Fougerolles est une commune située au nord de la Haute-Saône, sur l’axe qui relie Luxeuil-les-Bains à Remiremont, dans les Vosges. En 2019, elle a fusionné avec Saint-Valbert. L’occupation de ce site par les hommes est ancienne, comme l’atteste la découverte d’une hache en bronze à ailerons médians à La Vaivre, datée de l’époque préceltique… Certains historiens voient aussi dans les pierres erratiques qui parsèment le territoire des monolithes témoins d’une occupation celte, tandis que d’autres n’y attribuent que les effets de l’érosion dans un grès très gélif. Historiquement parlant, la plus ancienne mention écrite de Fougerolles, sous la forme Fulgeriolis remonte à 1 150. Il s’agirait d’une évolution du mot latin "foliaris", qui signifie "qui est couvert de feuilles", soit une possible référence à la densité de la végétation dans la région, notamment la présence de fougères. Un toponyme qui fait écho à d’autres noms de lieux en France, comme Fougeré dans le Maine-et-Loire, Fougerêts dans le Morbihan ou encore Fougères en Ille-et-Vilaine.
Des cerisiers pour lutter contre les fougères ?
Bien que cette hypothèse n’ait pas été étayé scientifiquement, il est possible que les cerisiers aient été plantés dans la région pour aider à réduire la croissance de la fougère et améliorer la qualité du sol pour d'autres cultures : les cerisiers sont en effet connus pour libérer des substances chimiques appelées phytotoxines, qui peuvent inhiber la croissance d'autres plantes. Mais bien entendu, l’implantation des cerisiers a probablement répondu à de multiples besoins : production de petits fruits, ombrage du bétail… et distillation ! On dit qu’il y a aujourd’hui 40 000 cerisiers sur le territoire de la commune, et le cahier des charges de l’AOC obtenue en 2017 ne dénombre pas moins d’une quarantaine de variétés locales homologuées : « Queue Fourchette », « Rouen », « Riggi », « Rouge de chez Colle », « Sacristaire », « Saint Valbert », « Tinette »… Poésie quand tu nous tiens !

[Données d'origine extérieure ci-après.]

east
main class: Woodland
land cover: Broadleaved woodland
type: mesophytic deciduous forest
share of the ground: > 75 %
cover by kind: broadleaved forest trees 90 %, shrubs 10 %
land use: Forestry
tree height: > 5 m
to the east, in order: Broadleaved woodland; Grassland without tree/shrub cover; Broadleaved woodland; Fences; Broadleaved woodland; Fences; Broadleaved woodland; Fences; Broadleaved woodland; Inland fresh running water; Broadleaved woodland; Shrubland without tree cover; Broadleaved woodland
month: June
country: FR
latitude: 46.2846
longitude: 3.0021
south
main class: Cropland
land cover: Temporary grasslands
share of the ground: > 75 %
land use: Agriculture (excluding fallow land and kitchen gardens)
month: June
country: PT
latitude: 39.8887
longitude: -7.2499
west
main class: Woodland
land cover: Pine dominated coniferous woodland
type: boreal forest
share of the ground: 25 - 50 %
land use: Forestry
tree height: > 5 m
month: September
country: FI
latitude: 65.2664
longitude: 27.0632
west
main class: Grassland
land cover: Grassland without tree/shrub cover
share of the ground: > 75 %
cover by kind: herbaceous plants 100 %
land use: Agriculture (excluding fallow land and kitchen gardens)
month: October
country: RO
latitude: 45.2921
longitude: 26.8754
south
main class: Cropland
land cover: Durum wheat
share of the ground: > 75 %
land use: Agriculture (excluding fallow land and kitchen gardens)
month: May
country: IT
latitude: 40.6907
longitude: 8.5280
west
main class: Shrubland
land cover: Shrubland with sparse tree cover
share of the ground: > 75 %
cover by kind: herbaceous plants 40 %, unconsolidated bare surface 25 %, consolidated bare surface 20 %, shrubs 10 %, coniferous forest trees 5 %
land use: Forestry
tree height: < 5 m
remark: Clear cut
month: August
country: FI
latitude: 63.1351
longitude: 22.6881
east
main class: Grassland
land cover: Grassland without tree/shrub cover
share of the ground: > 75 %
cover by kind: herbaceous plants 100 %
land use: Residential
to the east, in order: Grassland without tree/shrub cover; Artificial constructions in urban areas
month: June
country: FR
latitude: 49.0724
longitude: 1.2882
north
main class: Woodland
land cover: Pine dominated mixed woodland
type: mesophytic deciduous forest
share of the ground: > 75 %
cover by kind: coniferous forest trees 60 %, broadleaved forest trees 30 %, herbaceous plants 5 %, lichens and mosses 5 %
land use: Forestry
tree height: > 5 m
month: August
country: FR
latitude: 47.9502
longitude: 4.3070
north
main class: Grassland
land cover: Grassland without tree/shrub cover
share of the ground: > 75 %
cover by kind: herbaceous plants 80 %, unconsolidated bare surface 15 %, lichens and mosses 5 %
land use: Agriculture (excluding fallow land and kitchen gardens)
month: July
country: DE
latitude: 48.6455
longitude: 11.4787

L’ouvrage de Pierre Grandjean paru en 1979, intitulé « Fougerolles : son patois, son folklore, ses traditions populaires, ses coutumes », constitue une somme incontournable pour qui s’intéresse au patrimoine fougerollais. Il fait le lien entre la toponymie, les usages et les mœurs des habitants de ce secteur bien particulier. Il retrace l’histoire des défrichements monastiques, des disputes pour ce territoire aux confins des aires d’influence du souverain de Lorraine et de l’archevêque de Besançon…. Il narre aussi les fêtes locales, le calendrier rythmé par les moissons et les récoltes, les figures locales de saints et de contrebandiers. Par exemple, avant la première guerre mondiale, la « fête au chik » du Champ, relatée par Marcel Saire : « Tout le monde s’attablait en plein air ou dans les granges ; hommes femmes et enfants dévoraient d’énormes tartines de fromage blanc, salé ou aillé suivant les goûts et buvaient du ‘’chien’’, alcool de betterave à 90 dédoublé, soit à 45°C Il y avait un ou deux bals, un manège de chevaux de bois entraîné par un cheval, des balançoires… des marchands de bonbons, de sucre d’orge, de guimauve, de ballons de mirlitons. » Le chik est du fromage blanc, alors fabriqué dans chaque ferme et consommé pour le goûter, tartiné sur du pain noir arrosé d’eau de vie.
Un écomusée réputé
Au hameau du petit Fahys, l’écomusée de Fougerolles est justement consacré à l'histoire et aux traditions de la ville de Fougerolles et de sa région, notamment celles liées à la production de la célèbre liqueur de cerises. Tout un écosystème industriel s’était développé autour du kirsch : tonnellerie, verrerie, vannerie… Ce musée est d’ailleurs installé dans un ancien bâtiment industriel, qui abritait autrefois une distillerie. Cet endroit propose une exposition permanente sur l'histoire de la ville et de ses habitants, ainsi que sur les techniques de production du Kirsch. On y trouve également des collections d'objets liés à la vie quotidienne et aux métiers traditionnels de la région, tels que des outils agricoles, des costumes traditionnels ou encore des meubles anciens.